L’obiettivo odierno è ovviamente riuscire a scorgere la regina dei felini in quello che un tempo era una riserva di caccia della famiglia reale. La tigre è il predatore per eccellenza, nulla in natura, uomo a parte, rappresenta un pericolo per lei. Non vive nella savana africana ma nelle foreste asiatiche. È un animale elusivo e scaltro, predatore formidabile dal manto striato e dallo sguardo fiero, difficile da avvistare ma non impossibile.
Ci appostiamo e comincia una lunga attesa.
Lunga e inutile. Della tigre non se ne parla. Ritorniamo verso l’uscita del parco quando, all’improvviso, la natura comincia a svegliarsi, gli animali fanno presagire il loro spavento con urla che riecheggiano all’orizzonte. Ed ecco spuntare a pochi metri dalla nostra jeep un rarissimo leopardo.
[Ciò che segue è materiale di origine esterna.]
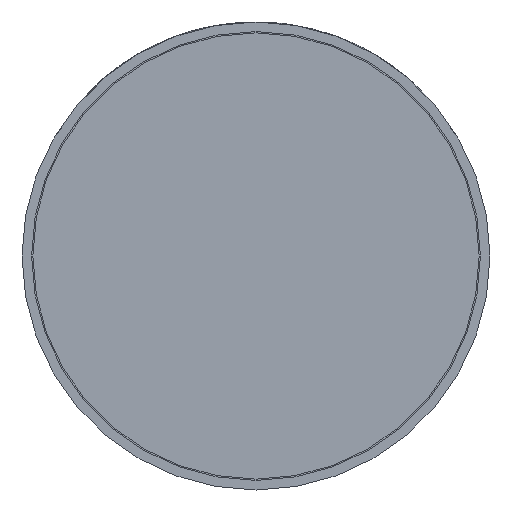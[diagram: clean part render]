
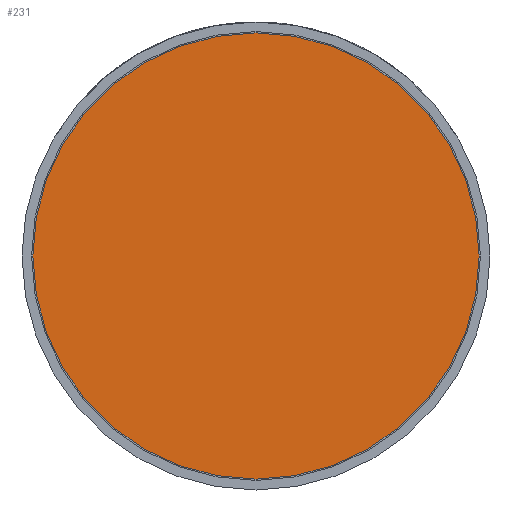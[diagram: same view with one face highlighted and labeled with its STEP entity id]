
A CAD part, front view. The second image highlights one B-rep face of the part: STEP entity #231.
In plain terms, the highlighted planar face has unit normal (0, -1, 0).
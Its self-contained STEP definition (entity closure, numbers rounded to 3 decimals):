
#231 = ADVANCED_FACE ( 'Defeature ausgef�hrt1_7', ( #1019 ), #2901, .T. ) ;
#315 = CIRCLE ( 'NONE', #5360, 1.74 ) ;
#1019 = FACE_OUTER_BOUND ( 'NONE', #1269, .T. ) ;
#1269 = EDGE_LOOP ( 'NONE', ( #3742, #2167 ) ) ;
#1312 = AXIS2_PLACEMENT_3D ( 'NONE', #2392, #2881, #5530 ) ;
#1437 = CARTESIAN_POINT ( 'NONE',  ( 0., 0., 0. ) ) ;
#1655 = EDGE_CURVE ( 'Defeature ausgef�hrt1_7+Defeature ausgef�hrt1_8+Defeature ausgef�hrt1_8+Defeature ausgef�hrt1_8', #2250, #3300, #3122, .T. ) ;
#1817 = EDGE_CURVE ( 'Defeature ausgef�hrt1_7+Defeature ausgef�hrt1_8+Defeature ausgef�hrt1_8+Defeature ausgef�hrt1_8', #3300, #2250, #315, .T. ) ;
#2074 = CARTESIAN_POINT ( 'NONE',  ( 0., 0., 0. ) ) ;
#2167 = ORIENTED_EDGE ( 'NONE', *, *, #1655, .T. ) ;
#2250 = VERTEX_POINT ( 'NONE', #3467 ) ;
#2392 = CARTESIAN_POINT ( 'NONE',  ( 0., 0., 0. ) ) ;
#2881 = DIRECTION ( 'NONE',  ( 0., -1., 0. ) ) ;
#2901 = PLANE ( 'NONE',  #1312 ) ;
#3122 = CIRCLE ( 'NONE', #4802, 1.74 ) ;
#3300 = VERTEX_POINT ( 'NONE', #3867 ) ;
#3467 = CARTESIAN_POINT ( 'NONE',  ( 0., 0., 1.74 ) ) ;
#3742 = ORIENTED_EDGE ( 'NONE', *, *, #1817, .T. ) ;
#3867 = CARTESIAN_POINT ( 'NONE',  ( 0., 0., -1.74 ) ) ;
#4536 = DIRECTION ( 'NONE',  ( 0., 0., -1. ) ) ;
#4737 = DIRECTION ( 'NONE',  ( 0., -1., 0. ) ) ;
#4802 = AXIS2_PLACEMENT_3D ( 'NONE', #2074, #4737, #5632 ) ;
#5009 = DIRECTION ( 'NONE',  ( 0., -1., 0. ) ) ;
#5360 = AXIS2_PLACEMENT_3D ( 'NONE', #1437, #5009, #4536 ) ;
#5530 = DIRECTION ( 'NONE',  ( 0., 0., -1. ) ) ;
#5632 = DIRECTION ( 'NONE',  ( 0., 0., -1. ) ) ;
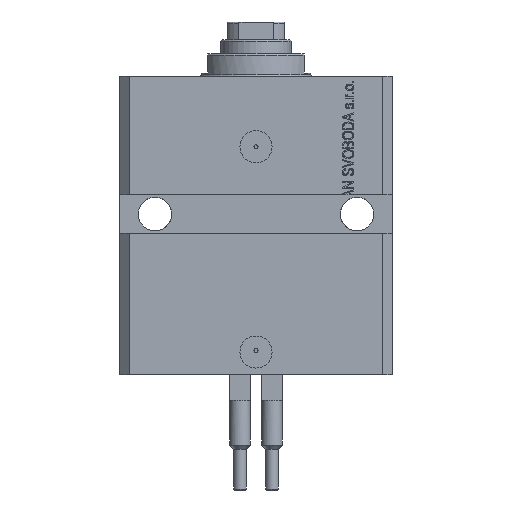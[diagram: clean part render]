
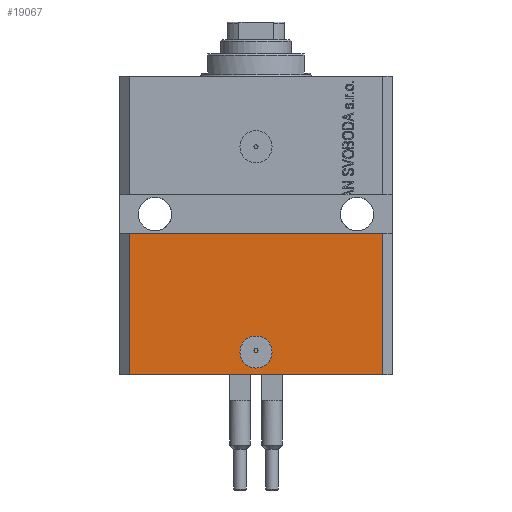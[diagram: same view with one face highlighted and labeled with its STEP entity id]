
A CAD part, front view. The second image highlights one B-rep face of the part: STEP entity #19067.
In plain terms, the highlighted planar face has unit normal (0, -1, 0).
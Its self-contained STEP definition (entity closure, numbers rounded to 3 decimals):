
#1177 = CARTESIAN_POINT ( 'NONE',  ( -39.5, -31.5, -93. ) ) ;
#2328 = CARTESIAN_POINT ( 'NONE',  ( -39.5, -31.5, -93. ) ) ;
#3143 = DIRECTION ( 'NONE',  ( 0., 0., 1. ) ) ;
#3261 = ORIENTED_EDGE ( 'NONE', *, *, #41054, .F. ) ;
#4082 = CARTESIAN_POINT ( 'NONE',  ( 39.5, -31.5, -93. ) ) ;
#4167 = VERTEX_POINT ( 'NONE', #1177 ) ;
#5646 = LINE ( 'NONE', #20570, #7617 ) ;
#6586 = DIRECTION ( 'NONE',  ( 1., 0., 0. ) ) ;
#7066 = ORIENTED_EDGE ( 'NONE', *, *, #18912, .F. ) ;
#7077 = DIRECTION ( 'NONE',  ( 0., -1., 0. ) ) ;
#7617 = VECTOR ( 'NONE', #20812, 1000. ) ;
#7639 = EDGE_CURVE ( 'NONE', #44738, #46402, #11180, .T. ) ;
#10555 = CARTESIAN_POINT ( 'NONE',  ( 39.5, -31.5, -93. ) ) ;
#11180 = LINE ( 'NONE', #4082, #42135 ) ;
#12780 = CARTESIAN_POINT ( 'NONE',  ( 5., -31.5, -86. ) ) ;
#16139 = CIRCLE ( 'NONE', #35720, 5. ) ;
#16782 = CARTESIAN_POINT ( 'NONE',  ( 0., -31.5, -86. ) ) ;
#17448 = DIRECTION ( 'NONE',  ( 0., 0., -1. ) ) ;
#17690 = FACE_OUTER_BOUND ( 'NONE', #38649, .T. ) ;
#18912 = EDGE_CURVE ( 'NONE', #44647, #45459, #16139, .T. ) ;
#19067 = ADVANCED_FACE ( 'NONE', ( #35346, #17690 ), #28970, .T. ) ;
#20570 = CARTESIAN_POINT ( 'NONE',  ( -42.5, -31.5, -49. ) ) ;
#20812 = DIRECTION ( 'NONE',  ( 1., 0., 0. ) ) ;
#21679 = EDGE_CURVE ( 'NONE', #42496, #46402, #5646, .T. ) ;
#21808 = CARTESIAN_POINT ( 'NONE',  ( -39.5, -31.5, -93. ) ) ;
#23067 = AXIS2_PLACEMENT_3D ( 'NONE', #33028, #7077, #6586 ) ;
#23279 = ORIENTED_EDGE ( 'NONE', *, *, #36451, .T. ) ;
#23585 = EDGE_LOOP ( 'NONE', ( #7066, #3261 ) ) ;
#24075 = ORIENTED_EDGE ( 'NONE', *, *, #7639, .T. ) ;
#24590 = LINE ( 'NONE', #2328, #45129 ) ;
#24780 = EDGE_CURVE ( 'NONE', #4167, #42496, #24590, .T. ) ;
#26312 = CARTESIAN_POINT ( 'NONE',  ( -39.5, -31.5, -49. ) ) ;
#26528 = DIRECTION ( 'NONE',  ( 0., 0., 1. ) ) ;
#26539 = CARTESIAN_POINT ( 'NONE',  ( -5., -31.5, -86. ) ) ;
#28298 = DIRECTION ( 'NONE',  ( 1., 0., 0. ) ) ;
#28335 = VECTOR ( 'NONE', #47752, 1000. ) ;
#28970 = PLANE ( 'NONE',  #43504 ) ;
#32841 = LINE ( 'NONE', #21808, #28335 ) ;
#33028 = CARTESIAN_POINT ( 'NONE',  ( 0., -31.5, -86. ) ) ;
#35346 = FACE_BOUND ( 'NONE', #23585, .T. ) ;
#35720 = AXIS2_PLACEMENT_3D ( 'NONE', #16782, #46648, #28298 ) ;
#36308 = CARTESIAN_POINT ( 'NONE',  ( -39.5, -31.5, -93. ) ) ;
#36451 = EDGE_CURVE ( 'NONE', #4167, #44738, #32841, .T. ) ;
#36520 = ORIENTED_EDGE ( 'NONE', *, *, #21679, .F. ) ;
#38649 = EDGE_LOOP ( 'NONE', ( #36520, #40159, #23279, #24075 ) ) ;
#40159 = ORIENTED_EDGE ( 'NONE', *, *, #24780, .F. ) ;
#41054 = EDGE_CURVE ( 'NONE', #45459, #44647, #46519, .T. ) ;
#42135 = VECTOR ( 'NONE', #3143, 1000. ) ;
#42496 = VERTEX_POINT ( 'NONE', #26312 ) ;
#43504 = AXIS2_PLACEMENT_3D ( 'NONE', #36308, #47567, #17448 ) ;
#44647 = VERTEX_POINT ( 'NONE', #12780 ) ;
#44738 = VERTEX_POINT ( 'NONE', #10555 ) ;
#45129 = VECTOR ( 'NONE', #26528, 1000. ) ;
#45459 = VERTEX_POINT ( 'NONE', #26539 ) ;
#46402 = VERTEX_POINT ( 'NONE', #47366 ) ;
#46519 = CIRCLE ( 'NONE', #23067, 5. ) ;
#46648 = DIRECTION ( 'NONE',  ( 0., -1., 0. ) ) ;
#47366 = CARTESIAN_POINT ( 'NONE',  ( 39.5, -31.5, -49. ) ) ;
#47567 = DIRECTION ( 'NONE',  ( 0., -1., 0. ) ) ;
#47752 = DIRECTION ( 'NONE',  ( 1., 0., 0. ) ) ;
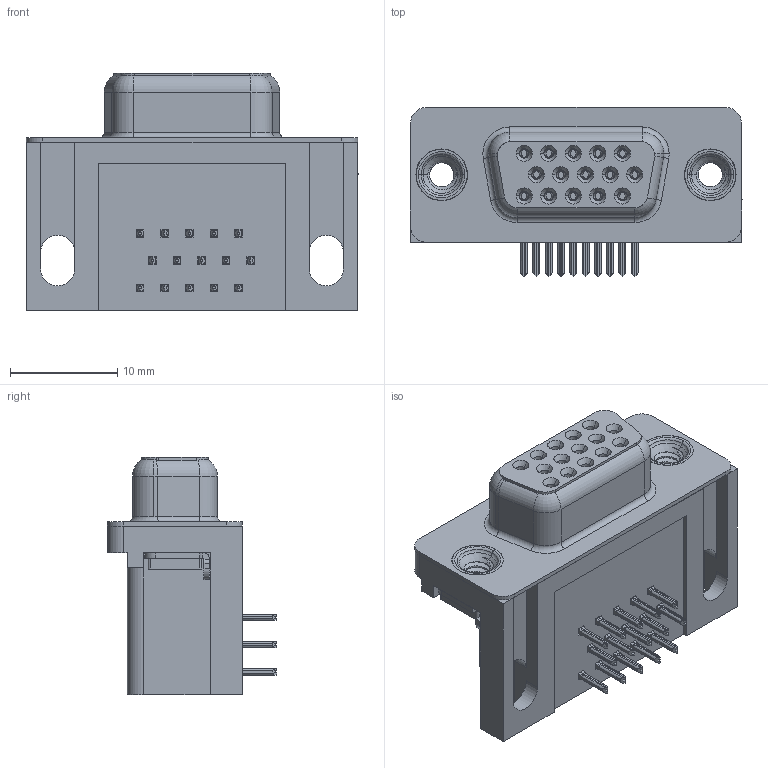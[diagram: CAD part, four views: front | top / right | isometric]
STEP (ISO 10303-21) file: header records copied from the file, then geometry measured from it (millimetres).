
FILE_DESCRIPTION (( 'STEP AP203' ), '1' );
FILE_NAME ('634-015-263-002.STEP', '2018-08-17T18:53:47', ( '' ), ( '' ), 'SwSTEP 2.0', 'SolidWorks 2016', '' );
FILE_SCHEMA (( 'CONFIG_CONTROL_DESIGN' ));
Length unit declared in the file: millimetre
Products named in the file (8): 634-015-263-002; 634 Housing; 634 Shell; Contact Bottom; Contact Middle; Contact Top; Non Board Mount; 4-40 Threaded Rivet
Assembly tree (21 placements, depth 2):
  634-015-263-002
    634 Housing
    634 Shell
    Contact Bottom  x5
    Contact Middle  x5
    Contact Top  x5
    Non Board Mount  x2
    4-40 Threaded Rivet  x2
Bounding box: 30.89 x 15.73 x 22.1 mm (x, y, z)
Volume: 4507 mm3; surface area: 6278.4 mm2
Topology: 21 solids, 21 shells, 2417 faces, 6350 edges, 3992 vertices
Faces by surface type: plane 1066, cylinder 595, bspline 526, cone 192, torus 38
Entity records: 31789 total; most frequent: CARTESIAN_POINT 11477, ORIENTED_EDGE 4202, DIRECTION 3579, EDGE_CURVE 2101, VERTEX_POINT 1334, VECTOR 1267, LINE 1267, AXIS2_PLACEMENT_3D 1156
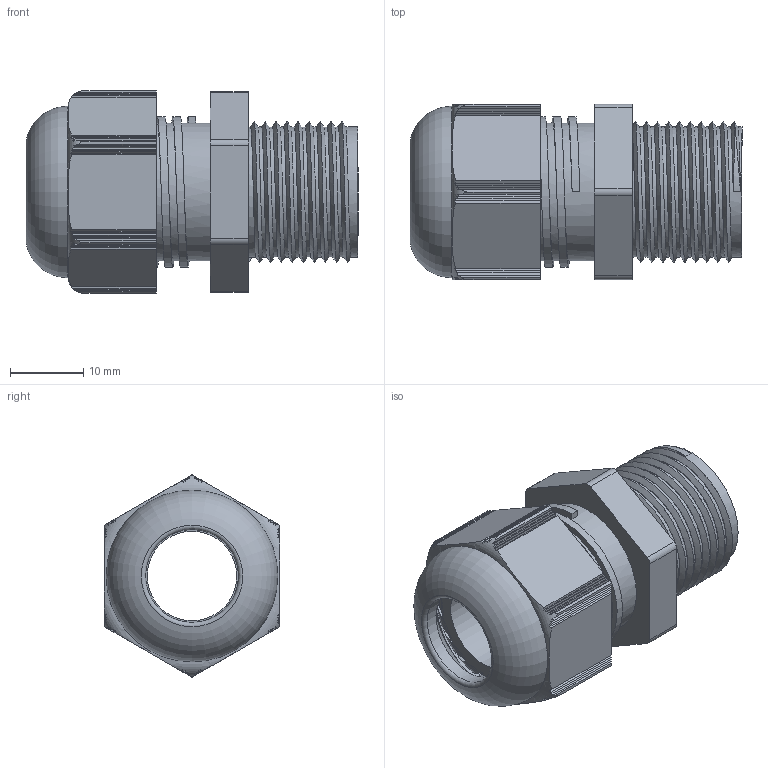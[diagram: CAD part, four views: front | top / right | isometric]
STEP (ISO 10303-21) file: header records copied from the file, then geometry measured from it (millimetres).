
FILE_DESCRIPTION(/* description */ (''),/* implementation_level */ '2;1');
FILE_NAME(/* name */ 'Euro-Top 11480520-RST.stp',/* time_stamp */ '2015-01-26T11:16:32+01:00',/* author */ ('sl'),/* organization */ (''),/* preprocessor_version */ 'ST-DEVELOPER v15.2',/* originating_system */ 'Autodesk Inventor 2014',/* authorisation */ '');
FILE_SCHEMA (('AUTOMOTIVE_DESIGN { 1 0 10303 214 3 1 1 }'));
Length unit declared in the file: millimetre
Products named in the file (4): Euro-Top-15-BT-0001-11480520; Euro-Top-15-BT-0002-11480520; Euro-Top-15-BT-0003-11480520; Euro-Top-15-BG-0001-11480520
Assembly tree (3 placements, depth 2):
  Euro-Top-15-BG-0001-11480520
    Euro-Top-15-BT-0001-11480520
    Euro-Top-15-BT-0002-11480520
    Euro-Top-15-BT-0003-11480520
Bounding box: 45.44 x 24.03 x 27.71 mm (x, y, z)
Volume: 9626.7 mm3; surface area: 10960.6 mm2
Topology: 3 solids, 3 shells, 257 faces, 738 edges, 489 vertices
Faces by surface type: plane 190, cylinder 41, torus 18, bspline 7, cone 1
Full cylindrical faces by diameter (mm): 12.28 x1, 12.6 x1, 12.71 x1, 13.8 x1, 15.46 x1, 15.98 x1, 17.82 x9, 18.86 x5, 21.1 x6, 23.5 x1
Entity records: 12276 total; most frequent: CARTESIAN_POINT 6248, ORIENTED_EDGE 1316, DIRECTION 1119, EDGE_CURVE 658, VERTEX_POINT 444, LINE 383, VECTOR 383, AXIS2_PLACEMENT_3D 368
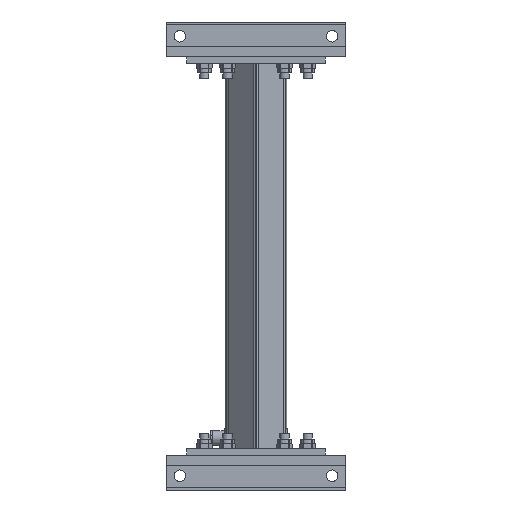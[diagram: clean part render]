
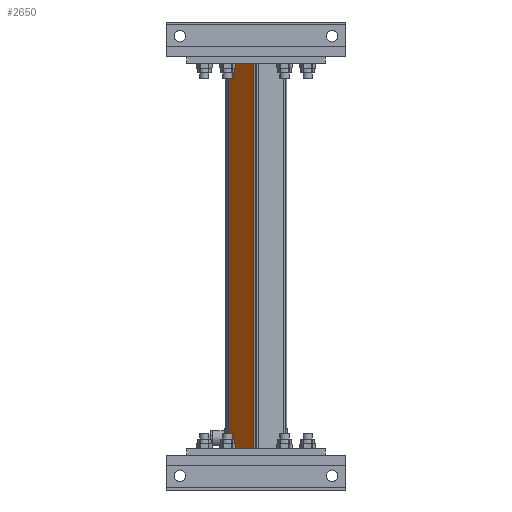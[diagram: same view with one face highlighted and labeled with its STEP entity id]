
A CAD part, left-side view. The second image highlights one B-rep face of the part: STEP entity #2650.
In plain terms, the highlighted face is planar.
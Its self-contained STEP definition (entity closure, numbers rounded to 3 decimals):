
#2650=ADVANCED_FACE('',(#4871),#4872,.T.);
#4871=FACE_OUTER_BOUND('',#7368,.T.);
#4872=PLANE('',#7369);
#7368=EDGE_LOOP('',(#10399,#10400,#10401,#10402));
#7369=AXIS2_PLACEMENT_3D('',#10403,#10404,#10405);
#10399=ORIENTED_EDGE('',*,*,#14985,.T.);
#10400=ORIENTED_EDGE('',*,*,#14220,.F.);
#10401=ORIENTED_EDGE('',*,*,#14986,.T.);
#10402=ORIENTED_EDGE('',*,*,#14987,.T.);
#10403=CARTESIAN_POINT('',(50.,0.,0.));
#10404=DIRECTION('',(1.,0.,0.));
#10405=DIRECTION('',(0.,1.,0.));
#14220=EDGE_CURVE('',#16183,#16178,#16185,.T.);
#14985=EDGE_CURVE('',#17449,#16178,#17450,.T.);
#14986=EDGE_CURVE('',#16183,#17451,#17452,.T.);
#14987=EDGE_CURVE('',#17451,#17449,#17453,.T.);
#16178=VERTEX_POINT('',#19034);
#16183=VERTEX_POINT('',#19040);
#16185=LINE('',#19042,#19043);
#17449=VERTEX_POINT('',#22073);
#17450=LINE('',#22074,#22075);
#17451=VERTEX_POINT('',#22076);
#17452=LINE('',#22077,#22078);
#17453=LINE('',#22079,#22080);
#19034=CARTESIAN_POINT('',(50.,-41.,835.));
#19040=CARTESIAN_POINT('',(50.,-41.,0.));
#19042=CARTESIAN_POINT('',(50.,-41.,0.));
#19043=VECTOR('',#25726,1.);
#22073=CARTESIAN_POINT('',(50.,41.,835.));
#22074=CARTESIAN_POINT('',(50.,-41.,835.));
#22075=VECTOR('',#26553,1.);
#22076=CARTESIAN_POINT('',(50.,41.,0.));
#22077=CARTESIAN_POINT('',(50.,-41.,0.));
#22078=VECTOR('',#26554,1.);
#22079=CARTESIAN_POINT('',(50.,41.,0.));
#22080=VECTOR('',#26555,1.);
#25726=DIRECTION('',(0.,0.,1.));
#26553=DIRECTION('',(0.,-1.,0.));
#26554=DIRECTION('',(0.,1.,0.));
#26555=DIRECTION('',(0.,0.,1.));

Ritorniamo soddisfatti in paese e andiamo a visitare quel complesso di templi edificati tra il 950 e il 1050 d.C. sotto il regno dei Chandela.
Occupano un’area di ventuno chilometri quadrati e sono divisi in tre gruppi: occidentali, orientali e meridionali.
Abbandonati nel XII secolo furono riscoperti dai britannici alla fine del XIX secolo ricoperti da una fitta vegetazione di palme da dattero. Degli 85 templi originari solo 22 sono sopravvissuti completamente intatti e questo è da ascrivere al fatto che la città nei secoli non fu oggetto di attacchi o saccheggiamenti.
Questi sono un esempio dello stile Nagara, caratteristico dell’India del nord in quel periodo. Sono costituiti da un corpo centrale con quattro santuari minori che si sviluppano in verticale ai quattro angoli del tempio principale.
Ma la particolarità di queste strutture, e anche il principale motivo per cui attirano i turisti, sono le sue sculture che, oltre a scene ascrivibili alla vita tradizionale e alla mitologia indiana, mostrano posture tantriche ispirate al Kama Sutra. In realtà solo una scultura su dieci ha tematiche legate al sesso ma questo non ha impedito loro di essere ricordati come i templi erotici di Khajuraho. Raffigurano amanti in ogni genere di atto sessuale. Peraltro, a ben guardare, anche i cavalli al tempo dovevano suscitare un certo fascino sull’uomo.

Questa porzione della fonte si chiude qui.